When he tries to make a career in politics by signing up for any party that will have him, A.Z. is acting upon his conviction about the phoniness of a new generation of politicians who are allegedly defending democratic principles. He also bemoans the disappearance of serious publications and books, as the new publishers are only interested in the easy sells -- cookbooks, self-help books, anything with plenty of sex and violence. A.Z. would gladly partake of this bonanza, if he only knew how. Nothing is beneath him, although he looks contemptuously at those who have succeeded where he keeps failing.
Are Polish readers supposed to feel a trace of pity for this repulsive character?
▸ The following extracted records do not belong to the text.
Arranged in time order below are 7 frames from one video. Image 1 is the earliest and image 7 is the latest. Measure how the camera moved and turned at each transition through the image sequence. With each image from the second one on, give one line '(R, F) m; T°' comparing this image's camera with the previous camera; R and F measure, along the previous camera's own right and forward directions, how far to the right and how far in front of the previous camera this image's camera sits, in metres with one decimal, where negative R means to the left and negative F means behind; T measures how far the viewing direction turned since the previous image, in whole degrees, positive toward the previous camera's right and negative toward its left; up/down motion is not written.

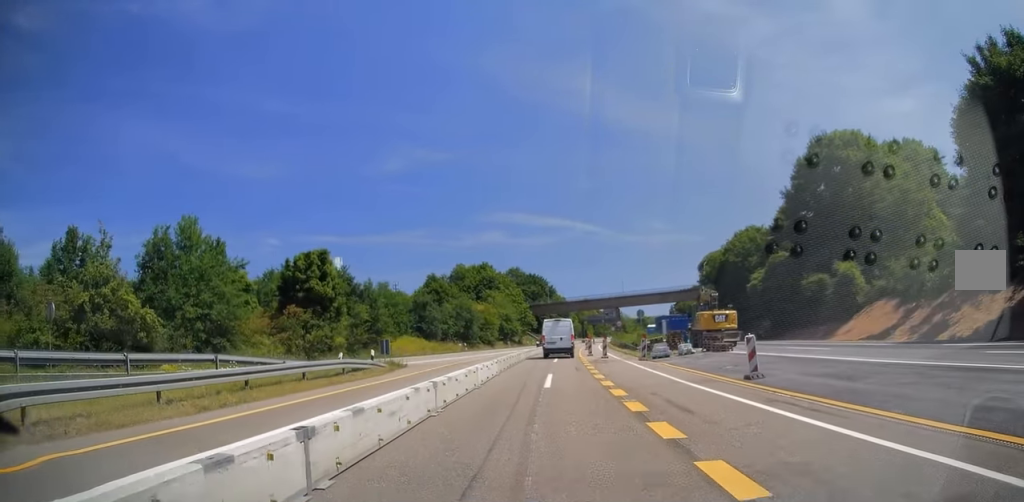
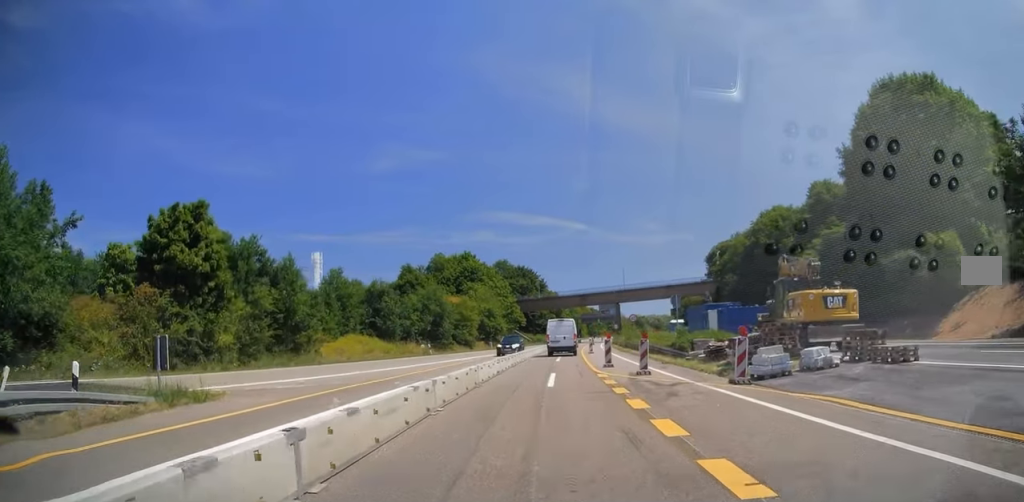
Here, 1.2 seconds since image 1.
(+0.4, +18.2) m; +2°
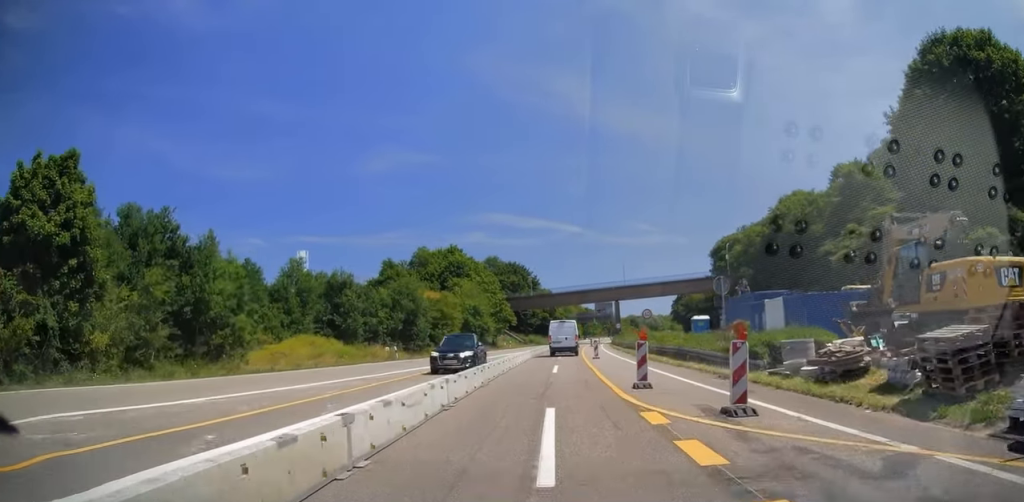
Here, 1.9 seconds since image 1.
(+0.1, +10.6) m; 0°
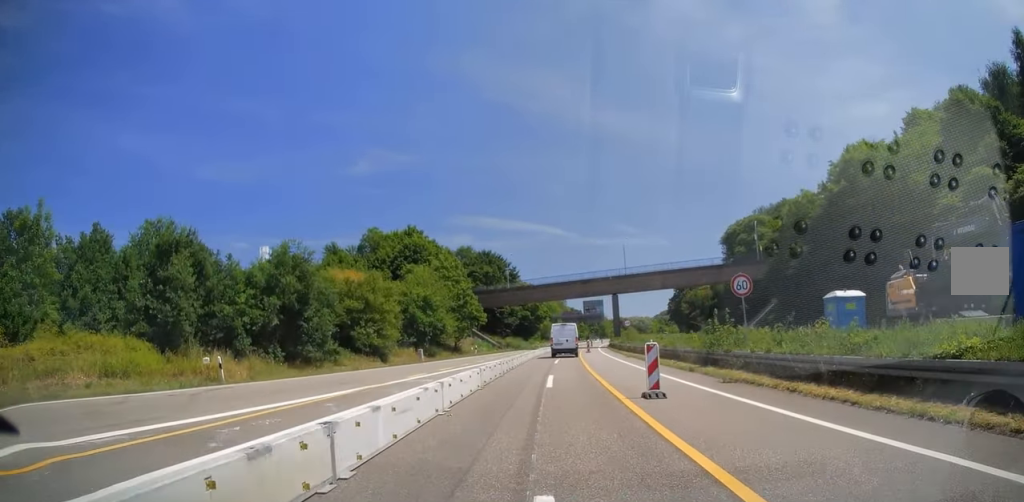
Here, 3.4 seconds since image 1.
(-0.6, +23.7) m; -1°
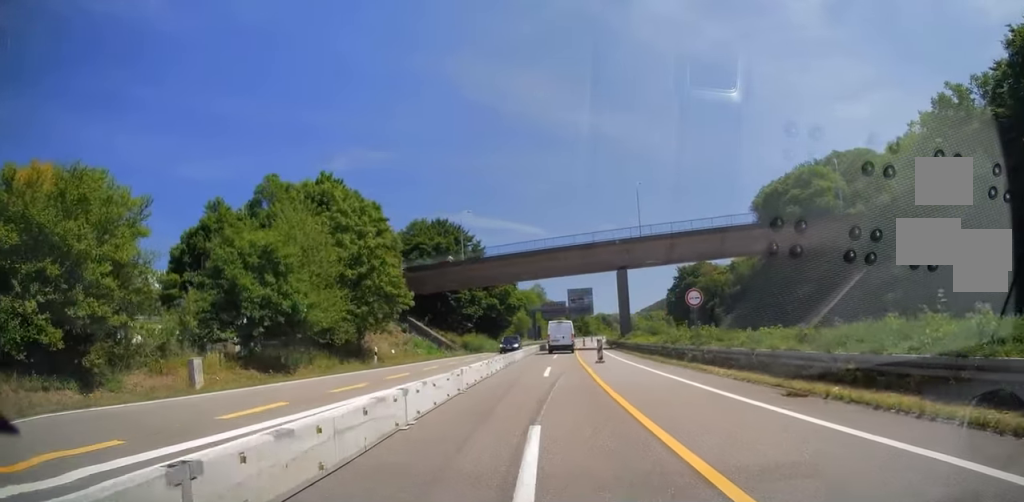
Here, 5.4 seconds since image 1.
(+1.9, +31.7) m; +4°
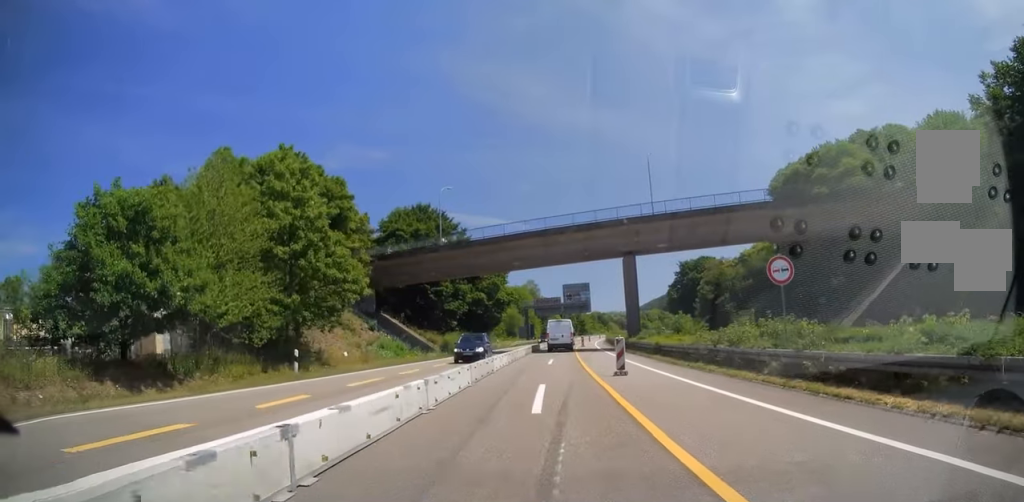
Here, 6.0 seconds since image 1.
(-0.2, +10.2) m; 0°
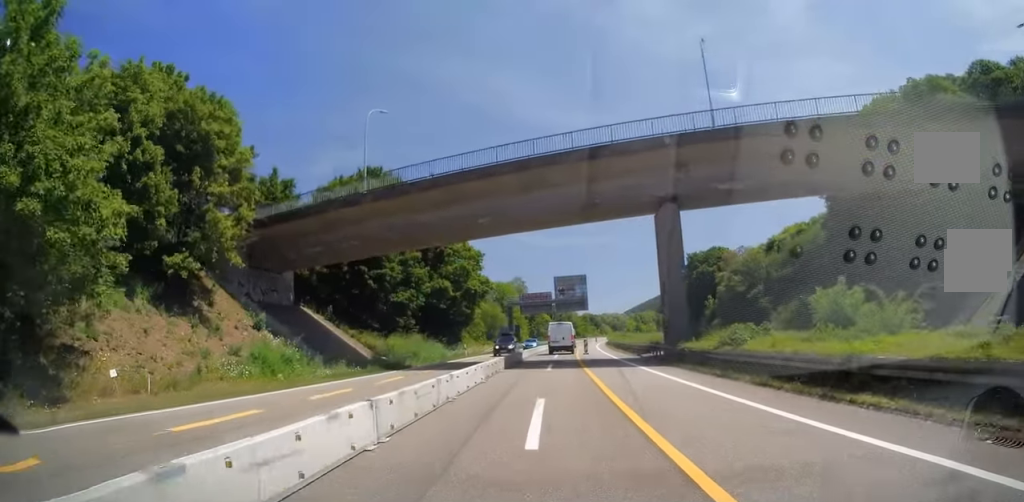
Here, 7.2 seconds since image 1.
(+0.2, +21.4) m; +1°

In a way, yes, since he represents all the worst traits that are, to some extent, present in so many of his fellow citizens. Anderman spares no one, making the point that in any system, people are people -- flawed, full of internal contradictions, and willing to do almost anything as they grasp for power, prestige, and money, no matter what ideals they proclaim.
As dark as its vision is, Caly Czas offers a ray of hope. By showing he can be as critical of his own milieu as those of others he clearly despises, Anderman demonstrates the cleansing virtues of self-criticism. It's a painful exercise, and it runs the risk of adding to the general climate of cynicism. But if it prompts some Poles to examine their own consciences when it comes to taking responsibility for the shortcomings of their society rather than simply pinning the blame on "them," whoever "they" may be, it could prove to be a highly useful one. And for outsiders, this novel reveals the moral state of a nation that, behind its new modern façade, is still very much at odds with itself as it grapples with the dirty secrets of its past.